*** Opening of Dataset content ***

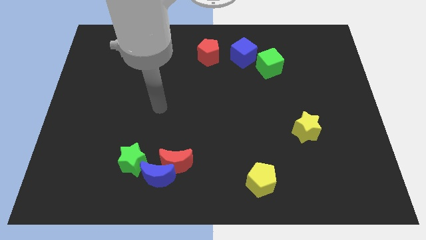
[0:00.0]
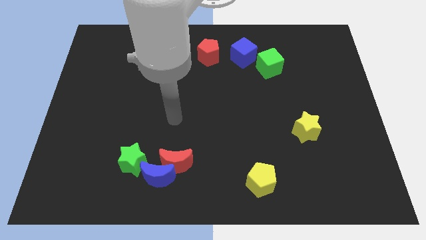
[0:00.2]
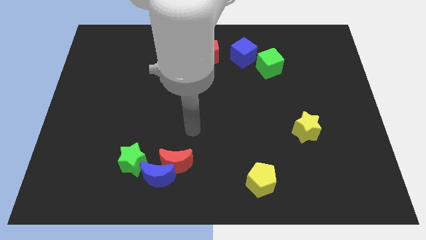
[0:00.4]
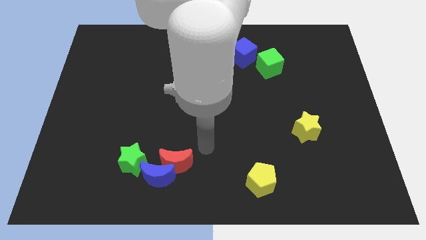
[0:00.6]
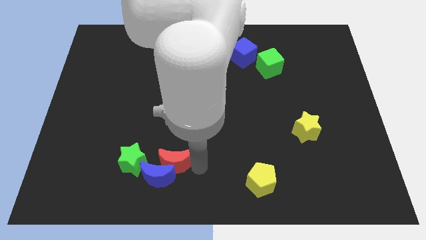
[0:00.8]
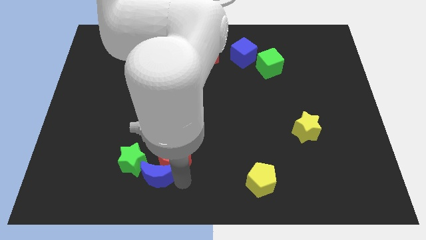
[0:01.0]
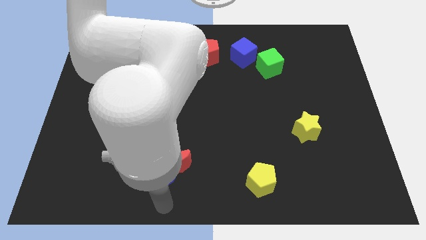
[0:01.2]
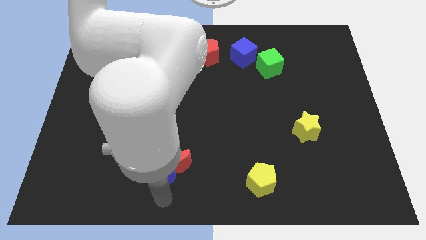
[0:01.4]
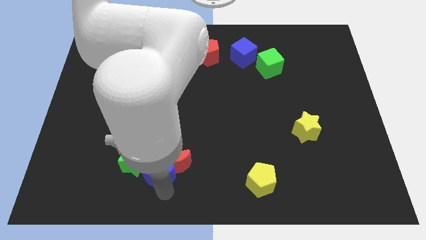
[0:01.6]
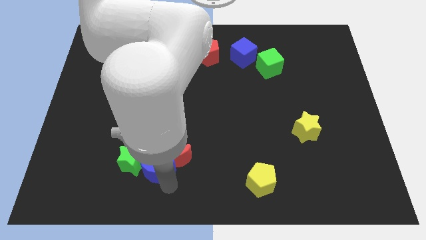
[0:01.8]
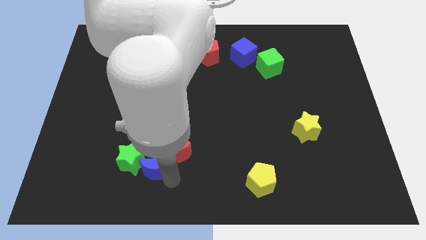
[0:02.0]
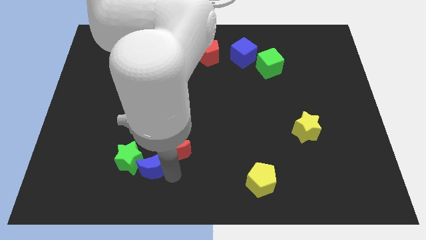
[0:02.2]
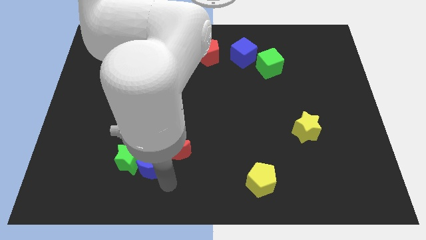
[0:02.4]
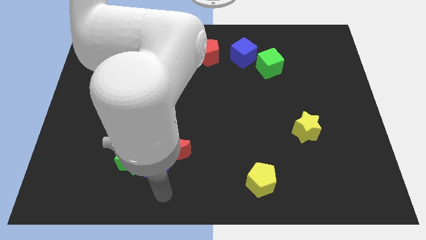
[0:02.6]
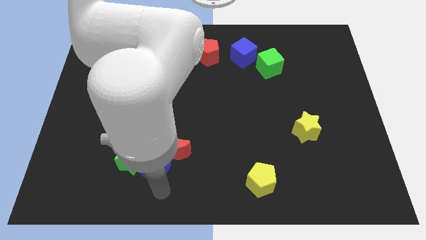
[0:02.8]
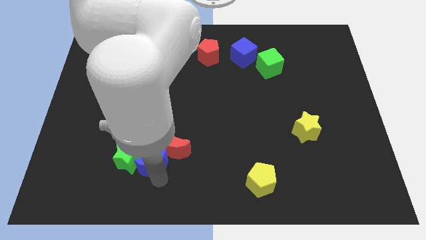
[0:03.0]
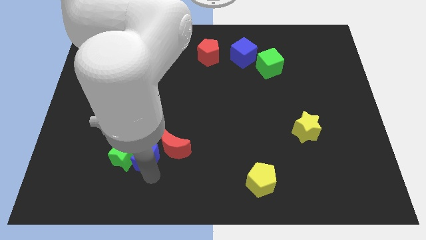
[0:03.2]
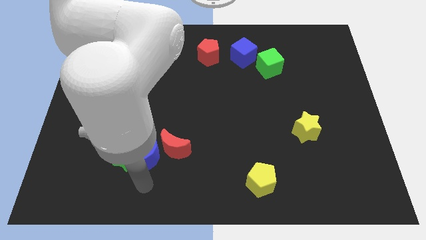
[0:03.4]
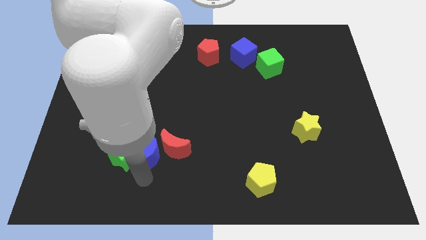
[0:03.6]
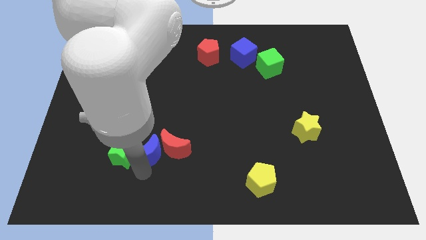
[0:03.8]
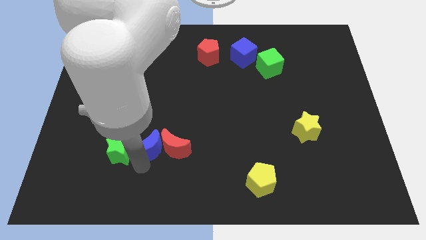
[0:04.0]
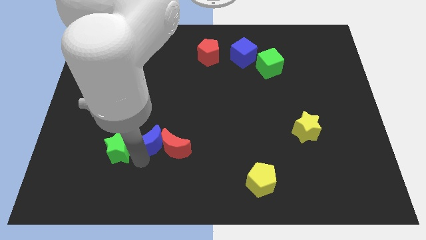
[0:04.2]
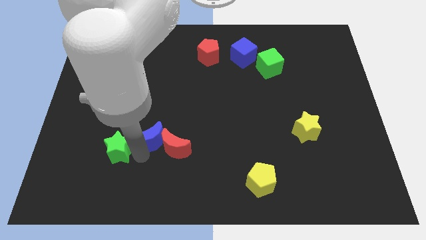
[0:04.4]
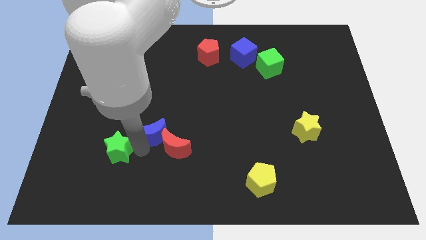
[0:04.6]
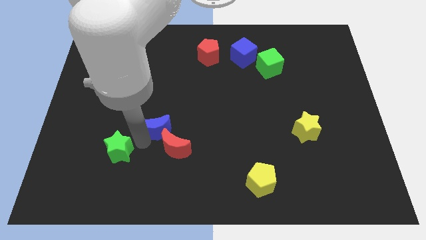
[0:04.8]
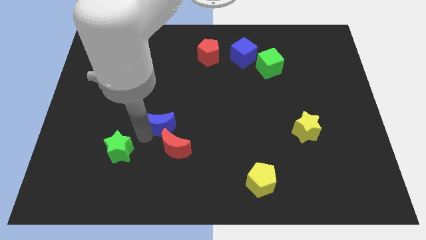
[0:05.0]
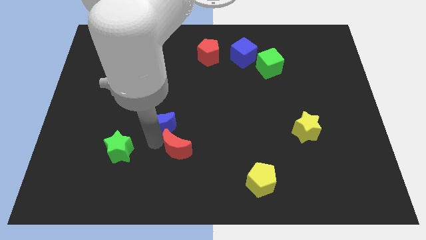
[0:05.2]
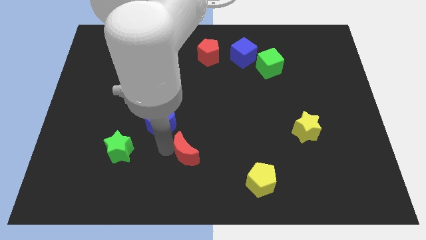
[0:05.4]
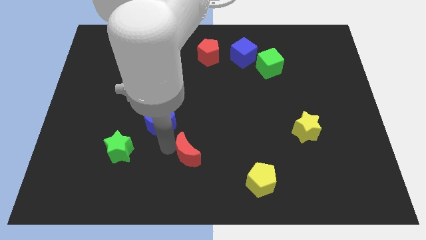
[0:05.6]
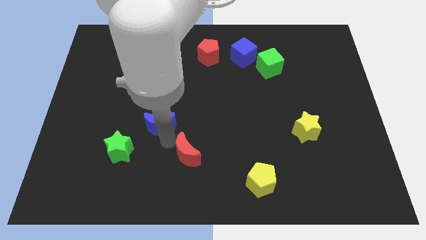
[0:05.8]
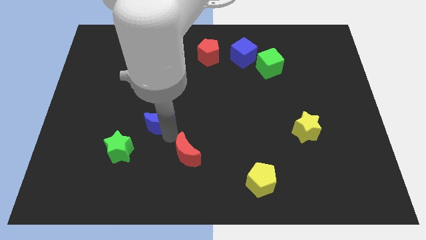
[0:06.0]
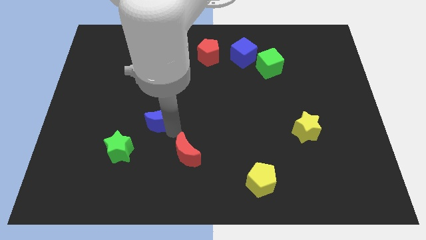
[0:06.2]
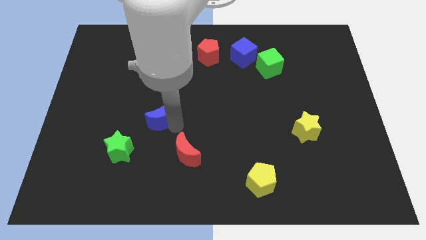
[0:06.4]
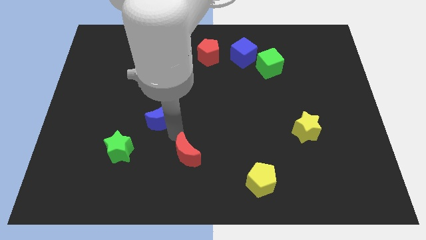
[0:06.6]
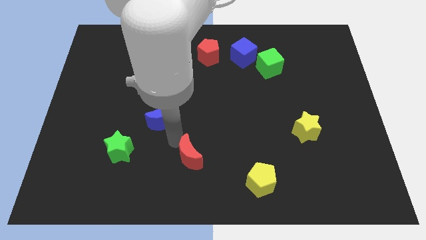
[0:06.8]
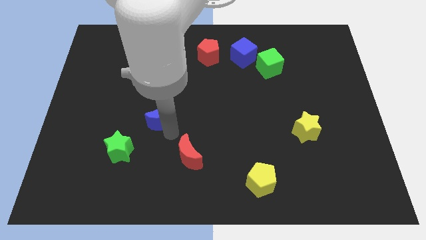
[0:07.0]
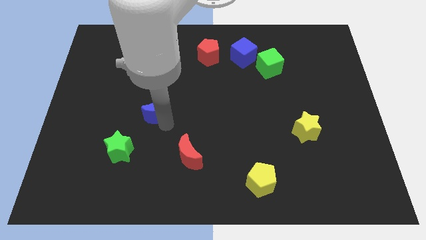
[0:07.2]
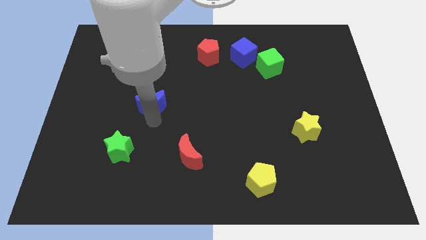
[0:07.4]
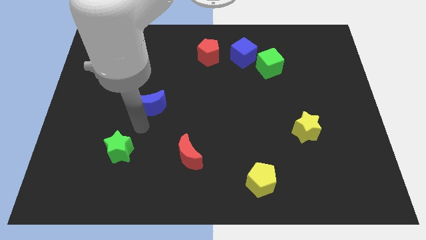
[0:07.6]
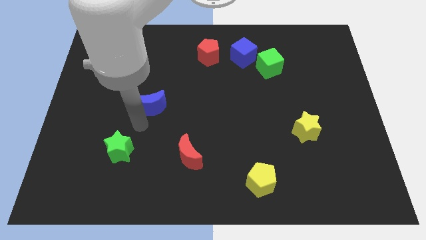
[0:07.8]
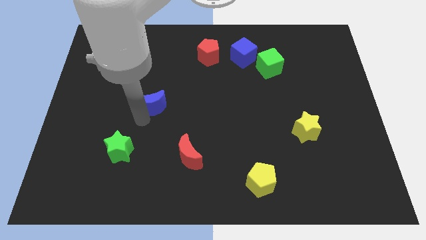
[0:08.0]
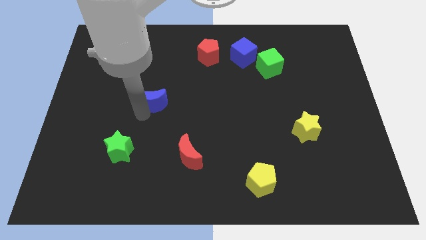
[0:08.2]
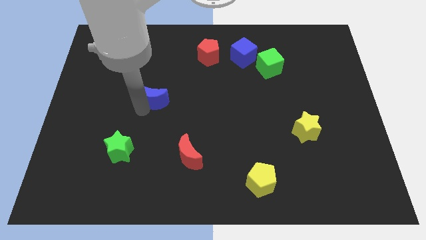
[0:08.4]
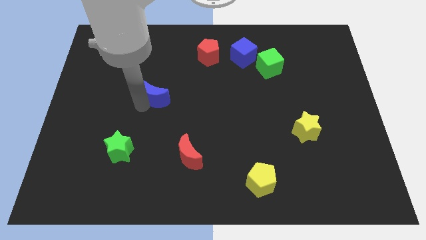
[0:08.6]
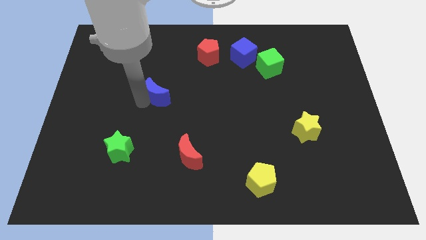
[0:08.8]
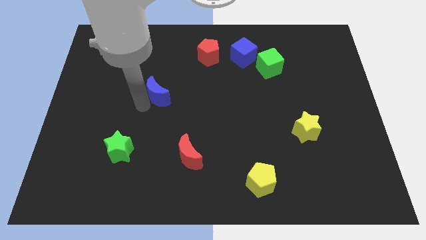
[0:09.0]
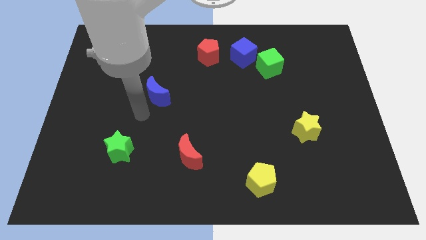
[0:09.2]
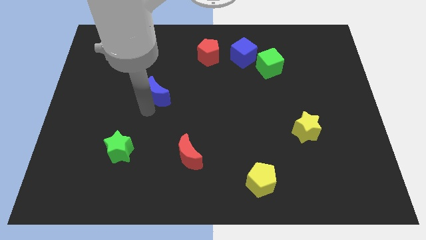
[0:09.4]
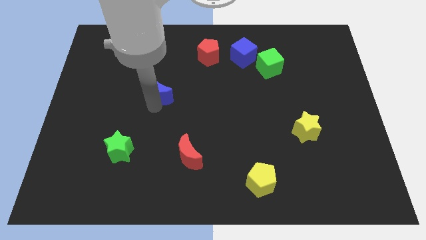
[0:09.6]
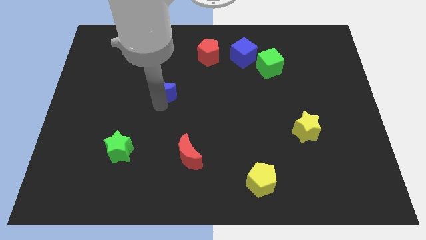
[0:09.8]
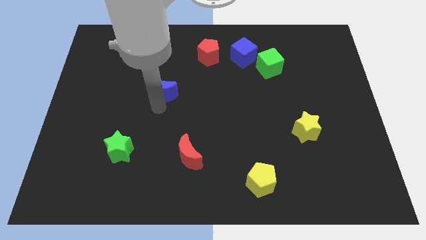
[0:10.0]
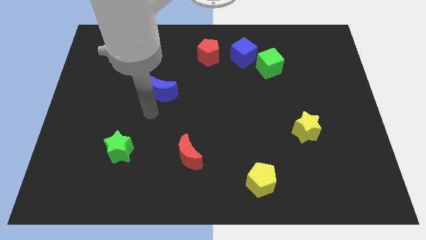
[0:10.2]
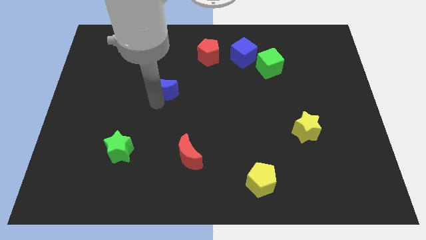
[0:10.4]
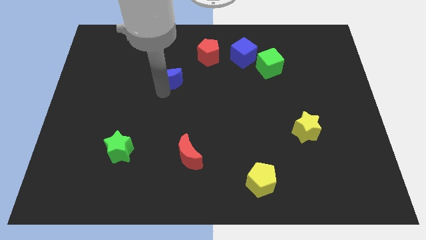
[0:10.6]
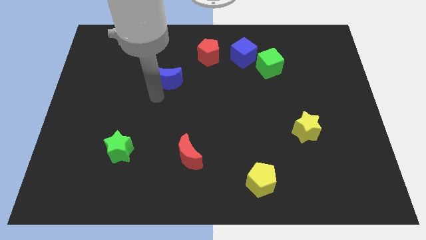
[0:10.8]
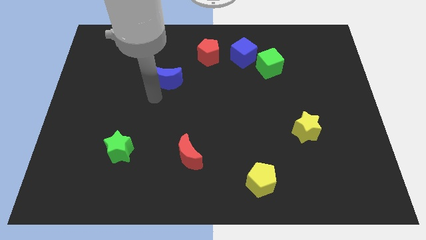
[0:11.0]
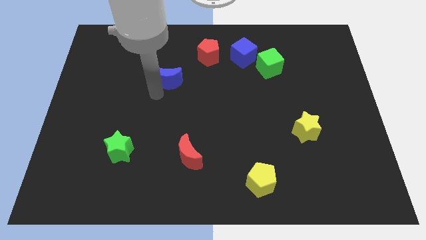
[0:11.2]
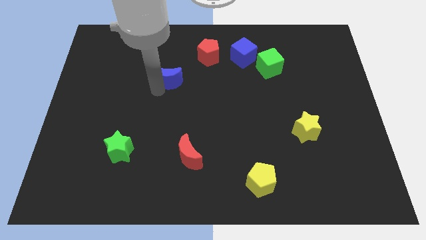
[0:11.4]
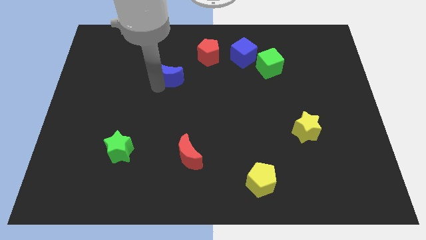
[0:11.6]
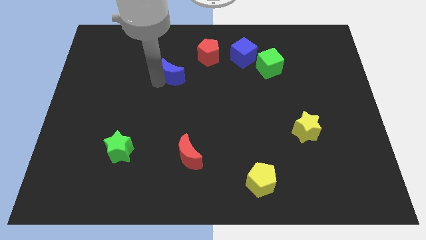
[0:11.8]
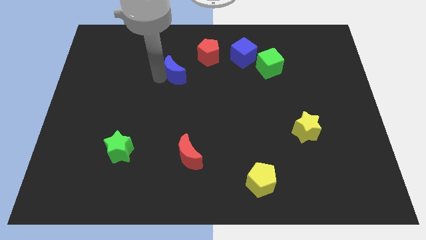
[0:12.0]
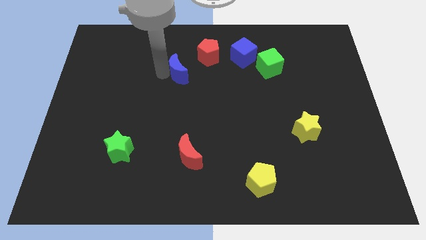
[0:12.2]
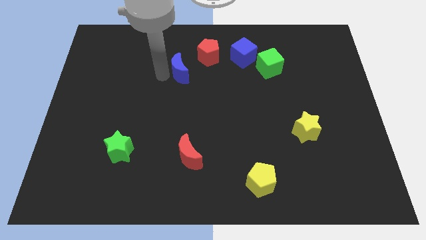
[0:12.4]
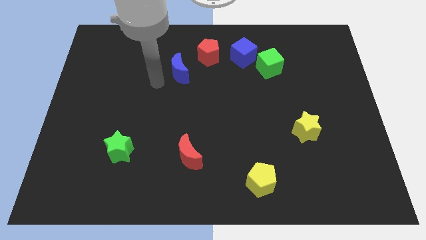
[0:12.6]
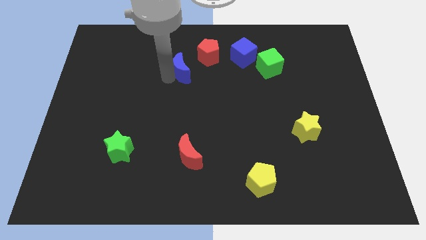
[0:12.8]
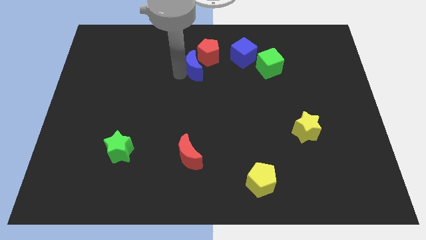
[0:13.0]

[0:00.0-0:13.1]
push the blue moon next to the red pentagon

*** Close of Dataset content ***

Drop the pictures; repeat each entry above exactly.

[0:00.0]
[0:00.2]
[0:00.4]
[0:00.6]
[0:00.8]
[0:01.0]
[0:01.2]
[0:01.4]
[0:01.6]
[0:01.8]
[0:02.0]
[0:02.2]
[0:02.4]
[0:02.6]
[0:02.8]
[0:03.0]
[0:03.2]
[0:03.4]
[0:03.6]
[0:03.8]
[0:04.0]
[0:04.2]
[0:04.4]
[0:04.6]
[0:04.8]
[0:05.0]
[0:05.2]
[0:05.4]
[0:05.6]
[0:05.8]
[0:06.0]
[0:06.2]
[0:06.4]
[0:06.6]
[0:06.8]
[0:07.0]
[0:07.2]
[0:07.4]
[0:07.6]
[0:07.8]
[0:08.0]
[0:08.2]
[0:08.4]
[0:08.6]
[0:08.8]
[0:09.0]
[0:09.2]
[0:09.4]
[0:09.6]
[0:09.8]
[0:10.0]
[0:10.2]
[0:10.4]
[0:10.6]
[0:10.8]
[0:11.0]
[0:11.2]
[0:11.4]
[0:11.6]
[0:11.8]
[0:12.0]
[0:12.2]
[0:12.4]
[0:12.6]
[0:12.8]
[0:13.0]

[0:00.0-0:13.1]
push the blue moon next to the red pentagon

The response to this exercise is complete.